Mounting problems begin to plague Telltale Games.

This constant development led to a studio that was always crunching under the stewardship of Bruner and other managers. Deadlines were ever-present, heavy rewrites on games were always coming down the pipeline, and feedback from management and rights holders could be inconsistent.

"[Sometimes] team leadership would push through [with rewrites] anyway for one of many reasons-time, prestige, actual belief in subpar ideas. And it would always come back on them in the end. We'd always eventually fix the product. But late fixes were deeply disruptive. [...] [These problems] could have been avoided by better decisions earlier in the process," one source told USgamer after a series of layoffs in late 2017.

"The pace at which the studio operated was both an amazing feat and its biggest problem. Executives would often ask teams to rewrite, redesign, recast, and reanimate up until the very last minute without properly adjusting the schedule. The demands on production only became more intense with each successful release, and at some point, you just don't have anything left to give," another anonymous source told The Verge in a similar report.

Minecraft: Story Mode was one of the few successes of latter-era Telltale.

Worse, as quality was dropping and the studio was mired in crunch, none of these titles were apparently leading to profit at the company. According to recent tweets from Forbes contributor Joe Parlock, an anonymous source told him that most Telltale projects weren't making money for the studio. Minecraft: Story Mode, the first season of The Walking Dead, and the Telltale published 7 Days to Die were the only things that were working out. Batman: The Telltale Series was reportedly "one of the worst commercial failures" for the company. Game of Thrones, Tales From the Borderlands, Wolf Among Us, and Guardians of the Galaxy were all financial failures.

Despite all these problems, things were looking up on the surface. Bruner was ousted at the company in early 2017. At E3 2018, Telltale Games and Netflix announced a deal for an interactive project based on Minecraft: Story Mode and a game based on Stranger Things. Telltale's new CEO, Pete Hawley, was seen as a fixer for the company's problems, and The Walking Dead: The Final Season was going to be the last game developed on the studio's old engine. Stranger Things would be moved to Unity.

"Pete Hawley has quickly restored Telltale Games to its former position of innovation and leadership in choose-your-own-narrative interactive storytelling," Telltale Games board member and Lionsgate president of interactive ventures, games and digital strategy Peter Levin told Variety.

The future of Telltale is as dire as Clem's situation in The Walking Dead: The Final Season.

Despite that apparent upswing, last week saw Telltale fire 225 employees without any severance. The money had dried up and cuts were needed to keep the doors open and finish the Minecraft: Story Mode project for Netflix. It's unlikely The Walking Dead: The Final Season will be finished, though Telltale recently revealed that it's looking into partnerships to finish the series.

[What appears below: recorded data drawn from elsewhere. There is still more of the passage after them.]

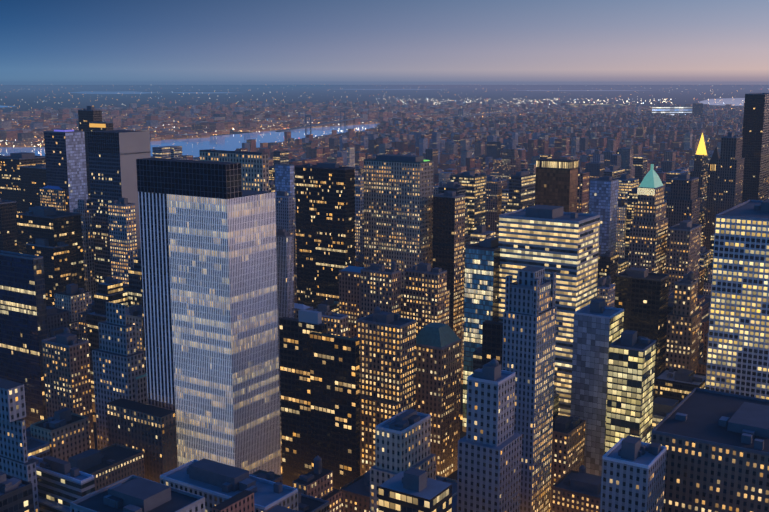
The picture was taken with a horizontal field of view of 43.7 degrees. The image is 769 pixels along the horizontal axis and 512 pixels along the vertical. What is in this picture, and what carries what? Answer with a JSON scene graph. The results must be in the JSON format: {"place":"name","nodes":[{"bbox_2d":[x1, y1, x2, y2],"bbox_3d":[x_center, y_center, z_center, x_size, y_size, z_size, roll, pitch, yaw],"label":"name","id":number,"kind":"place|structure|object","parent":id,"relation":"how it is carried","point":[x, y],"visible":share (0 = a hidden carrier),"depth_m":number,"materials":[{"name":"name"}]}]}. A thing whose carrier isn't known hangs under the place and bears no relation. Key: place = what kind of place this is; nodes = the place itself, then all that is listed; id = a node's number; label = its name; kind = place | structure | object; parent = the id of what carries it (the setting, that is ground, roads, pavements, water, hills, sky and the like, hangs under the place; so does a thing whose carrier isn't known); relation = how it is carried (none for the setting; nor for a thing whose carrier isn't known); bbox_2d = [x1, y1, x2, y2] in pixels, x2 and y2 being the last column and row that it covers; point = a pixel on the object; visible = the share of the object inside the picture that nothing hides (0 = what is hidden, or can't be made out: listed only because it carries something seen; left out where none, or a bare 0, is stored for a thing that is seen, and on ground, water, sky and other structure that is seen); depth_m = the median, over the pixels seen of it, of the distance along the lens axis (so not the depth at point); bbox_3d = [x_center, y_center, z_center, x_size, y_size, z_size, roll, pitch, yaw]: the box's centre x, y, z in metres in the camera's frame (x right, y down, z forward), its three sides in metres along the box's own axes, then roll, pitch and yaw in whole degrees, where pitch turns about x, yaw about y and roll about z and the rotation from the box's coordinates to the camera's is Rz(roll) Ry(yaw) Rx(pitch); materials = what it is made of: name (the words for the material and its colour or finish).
{"place":"outdoors","nodes":[
{"label":"outdoors","id":0,"kind":"place"},
{"bbox_2d":[0,89,744,157],"bbox_3d":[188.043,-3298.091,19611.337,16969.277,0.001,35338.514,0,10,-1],"label":"water","id":1,"kind":"structure","parent":0,"point":[231,142],"depth_m":4579.83,"materials":[{"name":"blue liquid"}]},
{"bbox_2d":[0,85,768,511],"bbox_3d":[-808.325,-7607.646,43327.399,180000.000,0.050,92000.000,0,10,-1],"label":"ground","id":2,"kind":"structure","parent":0,"point":[24,97],"depth_m":18722.79,"materials":[{"name":"grey"}]},
{"bbox_2d":[0,100,743,511],"bbox_3d":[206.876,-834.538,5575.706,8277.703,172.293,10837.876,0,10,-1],"label":"city buildings","id":3,"kind":"structure","parent":2,"relation":"on","point":[484,164],"depth_m":1528.07,"materials":[{"name":"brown concrete"}]},
{"bbox_2d":[0,93,768,511],"bbox_3d":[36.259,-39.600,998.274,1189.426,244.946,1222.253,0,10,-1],"label":"buildings","id":4,"kind":"structure","parent":2,"relation":"on","point":[222,239],"depth_m":619.74,"materials":[{"name":"grey concrete"}]},
{"bbox_2d":[0,84,768,163],"bbox_3d":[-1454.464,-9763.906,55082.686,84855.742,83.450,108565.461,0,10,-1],"label":"light dots","id":5,"kind":"object","parent":2,"relation":"on","point":[378,103],"visible":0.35,"depth_m":13077.65,"materials":[{"name":"white"}]},
{"bbox_2d":[276,107,505,133],"bbox_3d":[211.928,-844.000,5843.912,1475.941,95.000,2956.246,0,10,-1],"label":"bridges","id":6,"kind":"structure","parent":2,"relation":"on","point":[333,121],"depth_m":5542.15,"materials":[{"name":"metal"}]},
{"bbox_2d":[568,103,702,118],"bbox_3d":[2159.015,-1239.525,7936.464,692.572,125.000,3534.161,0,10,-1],"label":"landmarks","id":7,"kind":"object","parent":2,"relation":"on","point":[697,109],"visible":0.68,"depth_m":6587.35,"materials":[{"name":"white"}]},
{"bbox_2d":[0,0,768,84],"label":"sky","id":8,"kind":"structure","parent":0,"point":[43,42],"materials":[{"name":"blue"}]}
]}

"The company was working diligently to close a round of financing," Telltale co-founder Dan Connors told Variety yesterday. "Unfortunately, when the last potential financial backer abruptly pulled out, we were left in a position where we had no choice but to stop production. Sadly, everyone was so focused on doing what was required to keep the company going that when the last potential partner backed out, there were no other options."

And with that, a studio that started with such promise and grew to be a major force in the industry, quietly limps towards death. The story of Telltale Games isn't entirely over, but there's an air of finality over the studio now. All that's left is to lament the promise of what was and what could've been.